→ **Task prompt**: Repeat the records below exactly, leaving out every picture.

→ **Material for this task**:

-------

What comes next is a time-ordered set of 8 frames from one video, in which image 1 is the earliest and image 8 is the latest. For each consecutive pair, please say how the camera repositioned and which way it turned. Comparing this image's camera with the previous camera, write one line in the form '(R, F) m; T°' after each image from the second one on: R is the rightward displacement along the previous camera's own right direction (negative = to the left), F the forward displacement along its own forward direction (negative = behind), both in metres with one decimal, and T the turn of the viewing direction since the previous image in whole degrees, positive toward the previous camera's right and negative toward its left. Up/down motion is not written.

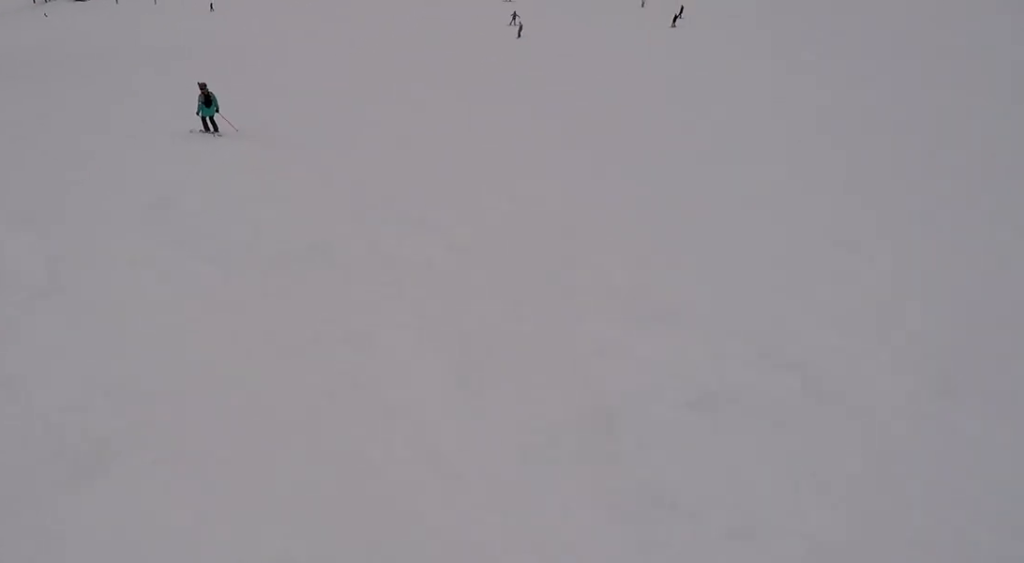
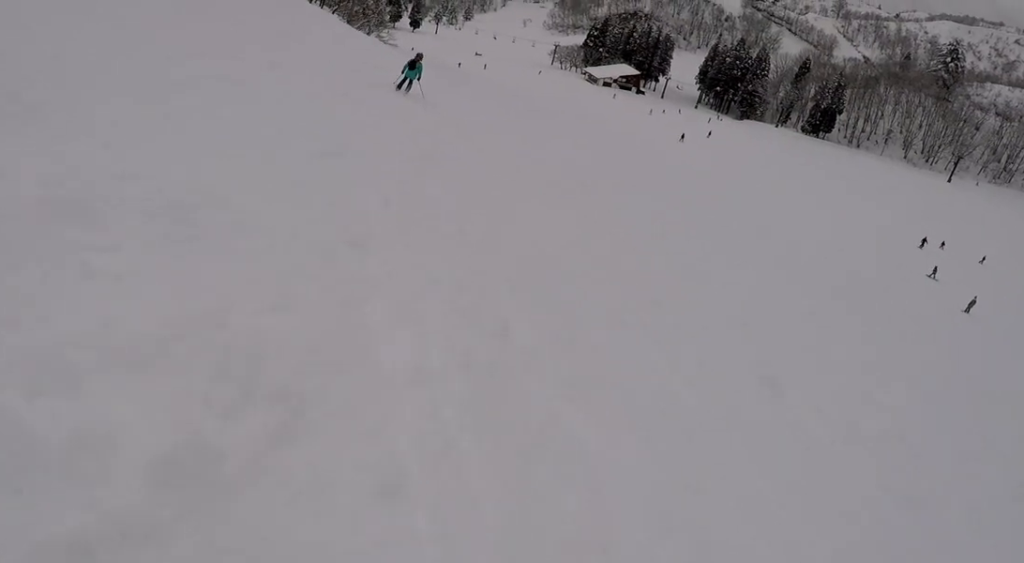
(-1.5, +8.0) m; -16°
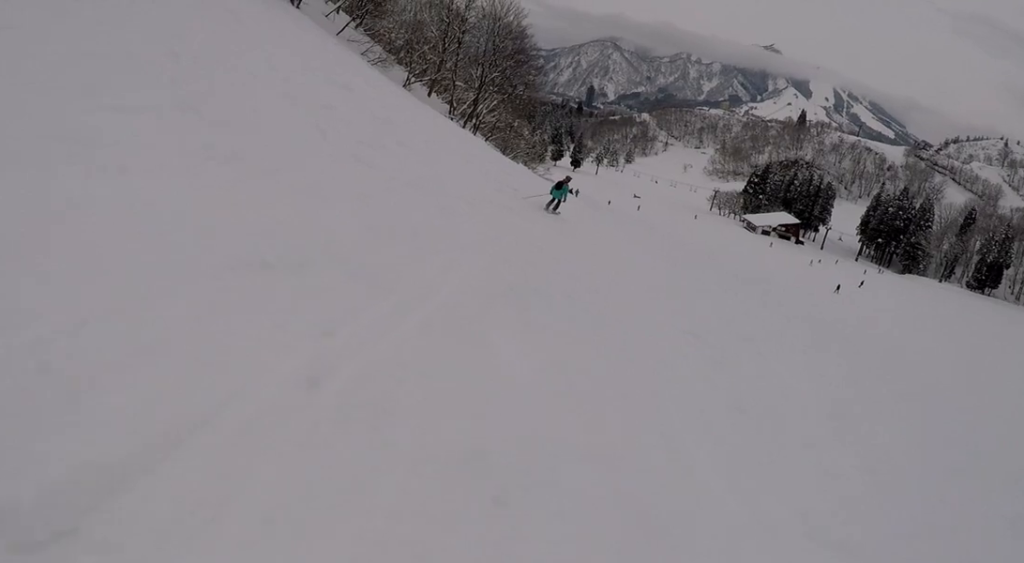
(-0.4, +3.3) m; -10°
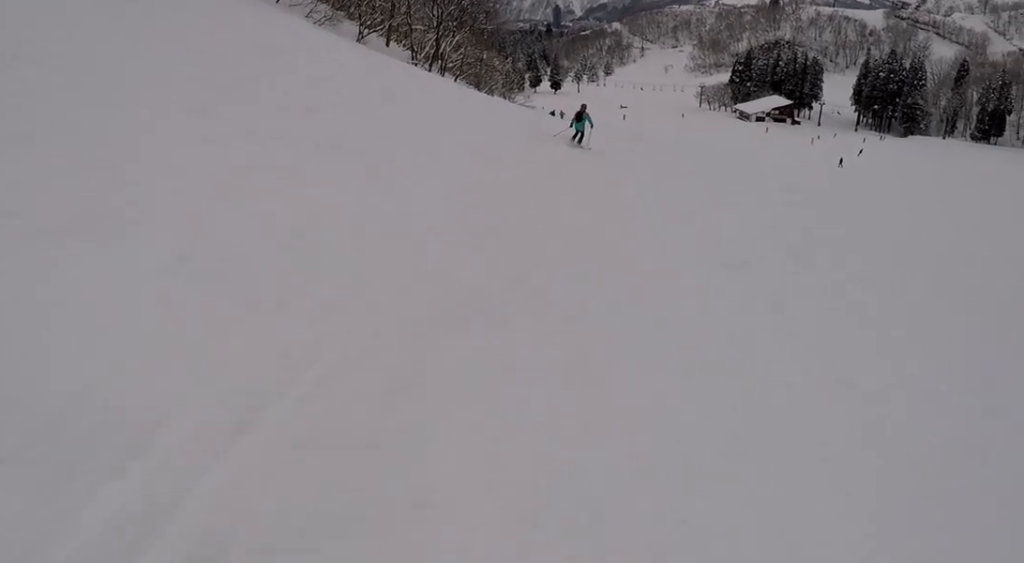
(-0.2, +2.8) m; -3°
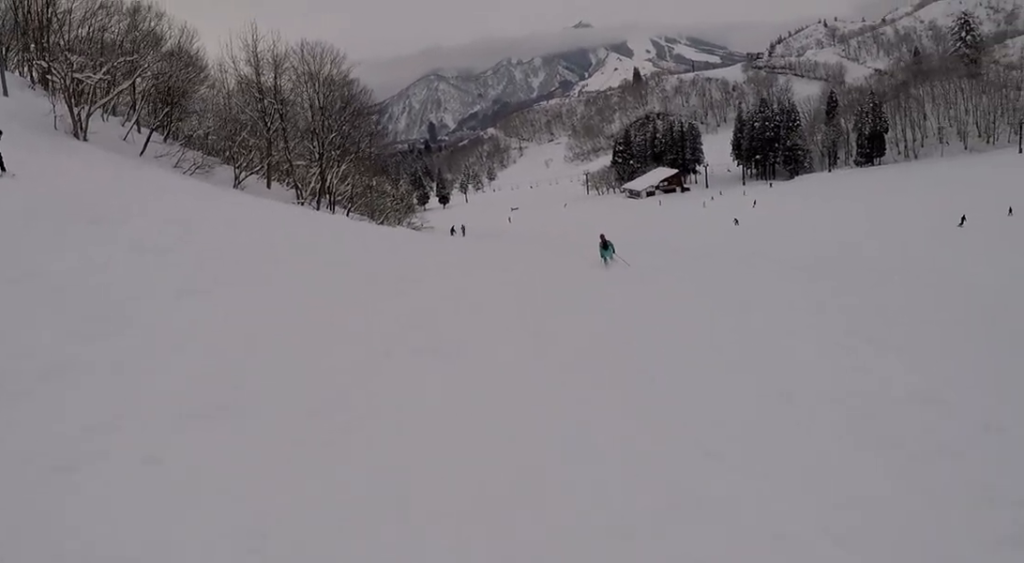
(+0.6, +7.6) m; +17°
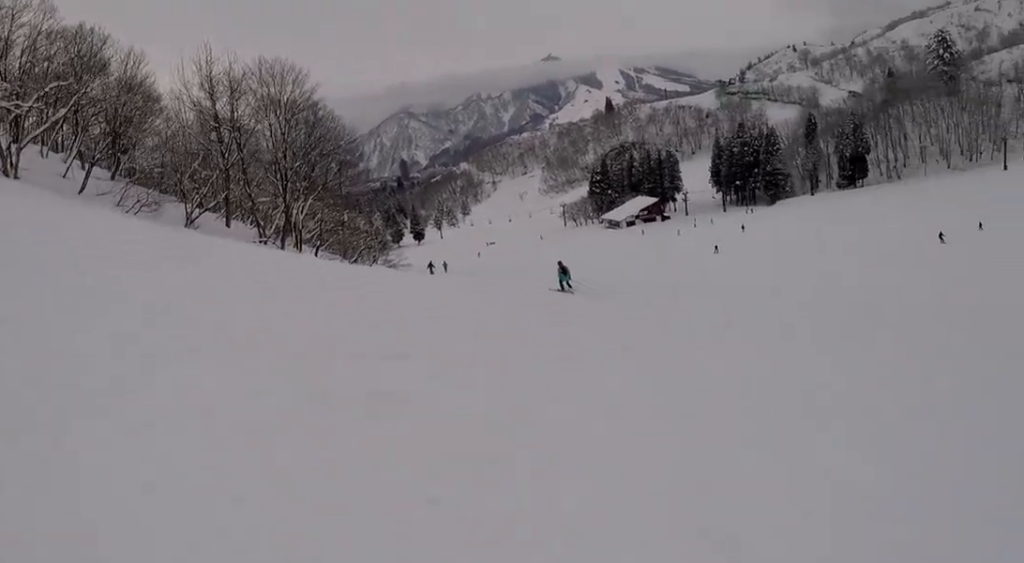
(+0.7, +6.6) m; +2°
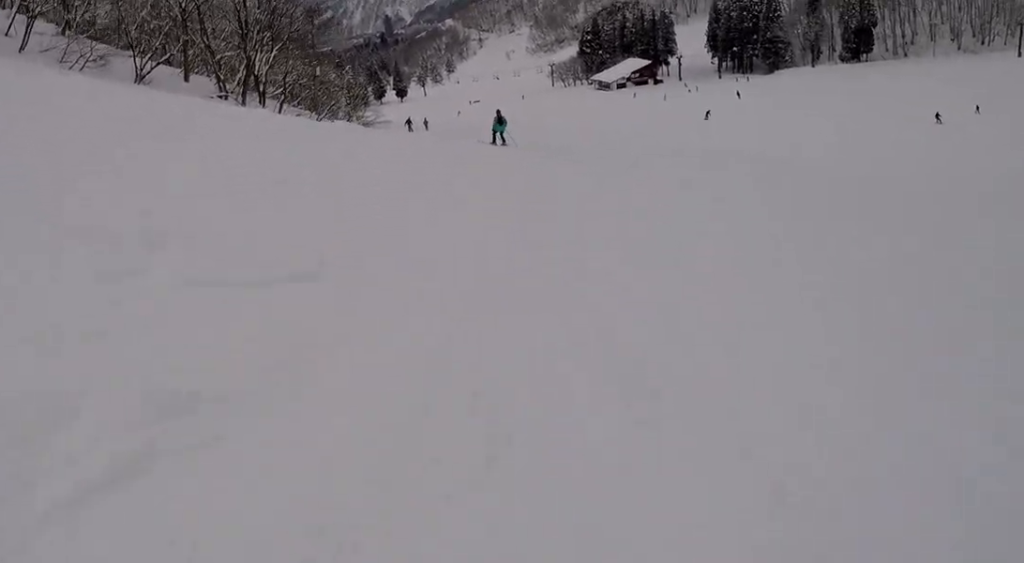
(-0.2, +3.6) m; -1°
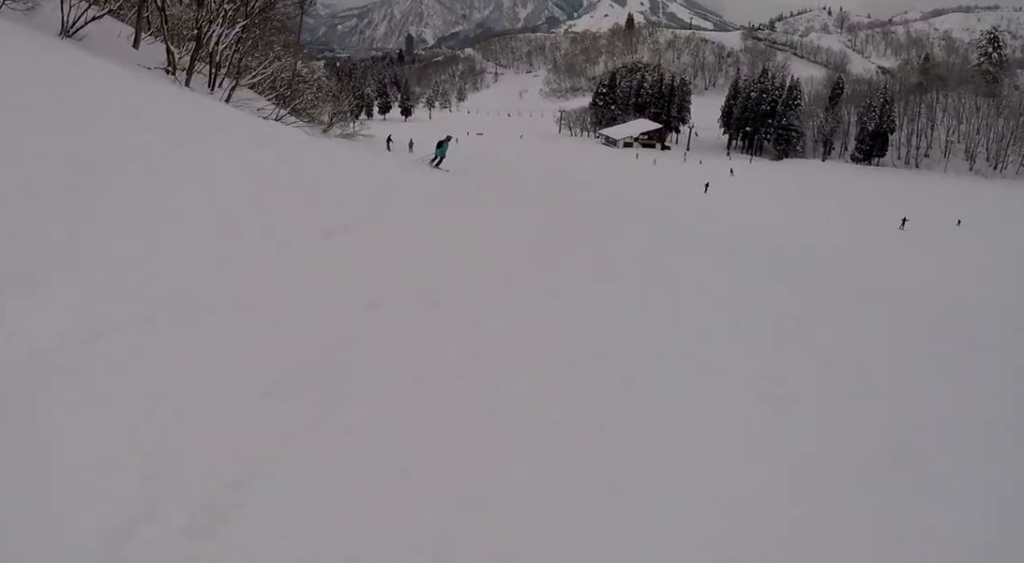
(+0.1, +6.9) m; 0°
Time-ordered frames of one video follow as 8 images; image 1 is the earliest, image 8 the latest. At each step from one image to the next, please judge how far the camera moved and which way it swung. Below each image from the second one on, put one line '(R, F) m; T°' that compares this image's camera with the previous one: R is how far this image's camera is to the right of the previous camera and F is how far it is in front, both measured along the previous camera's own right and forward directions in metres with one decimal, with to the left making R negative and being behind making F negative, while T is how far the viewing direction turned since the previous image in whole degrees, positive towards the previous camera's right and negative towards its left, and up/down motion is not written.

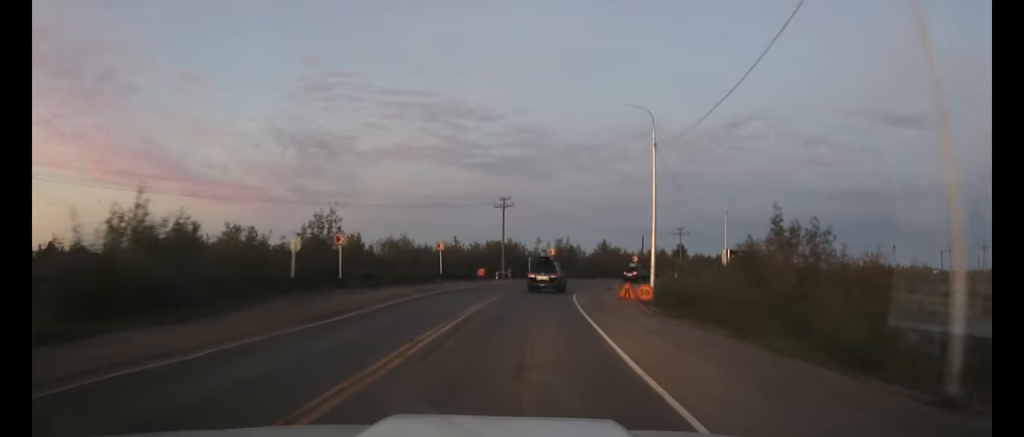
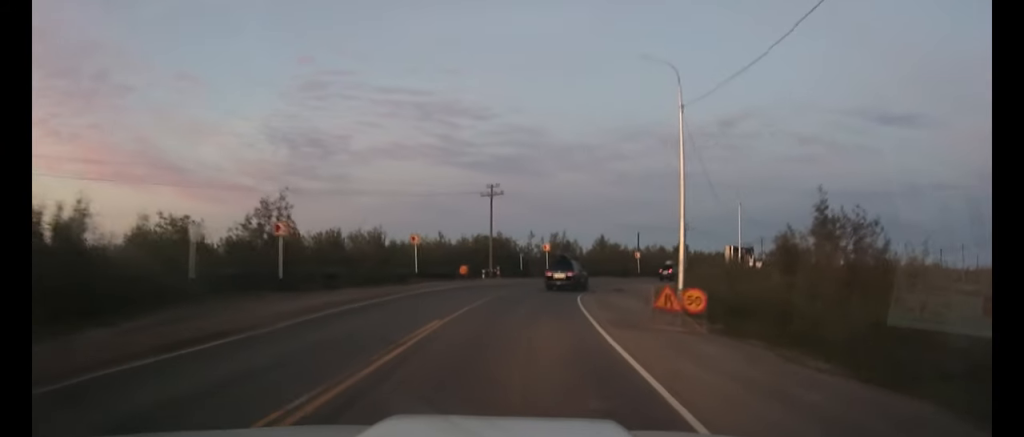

-------

→ **Response area**:
What comes next is a time-ordered set of 8 frames from one video, in which image 1 is the earliest and image 8 is the latest. For each consecutive pair, please say how the camera repositioned and which way it turned. Comparing this image's camera with the previous camera, write one line in the form '(R, F) m; T°' after each image from the second one on: R is the rightward displacement along the previous camera's own right direction (negative = to the left), F the forward displacement along its own forward direction (negative = behind), both in metres with one decimal, and T the turn of the viewing direction since the previous image in whole degrees, positive toward the previous camera's right and negative toward its left. Up/down motion is not written.

(-1.5, +8.0) m; -16°
(-0.4, +3.3) m; -10°
(-0.2, +2.8) m; -3°
(+0.6, +7.6) m; +17°
(+0.7, +6.6) m; +2°
(-0.2, +3.6) m; -1°
(+0.1, +6.9) m; 0°
Time-ordered frames of one video follow as 8 images; image 1 is the earliest, image 8 the latest. At each step from one image to the next, please judge how far the camera moved and which way it swung. Below each image from the second one on, put one line '(R, F) m; T°' that compares this image's camera with the previous one: R is how far this image's camera is to the right of the previous camera and F is how far it is in front, both measured along the previous camera's own right and forward directions in metres with one decimal, with to the left making R negative and being behind making F negative, while T is how far the viewing direction turned since the previous image in whole degrees, positive towards the previous camera's right and negative towards its left, and up/down motion is not written.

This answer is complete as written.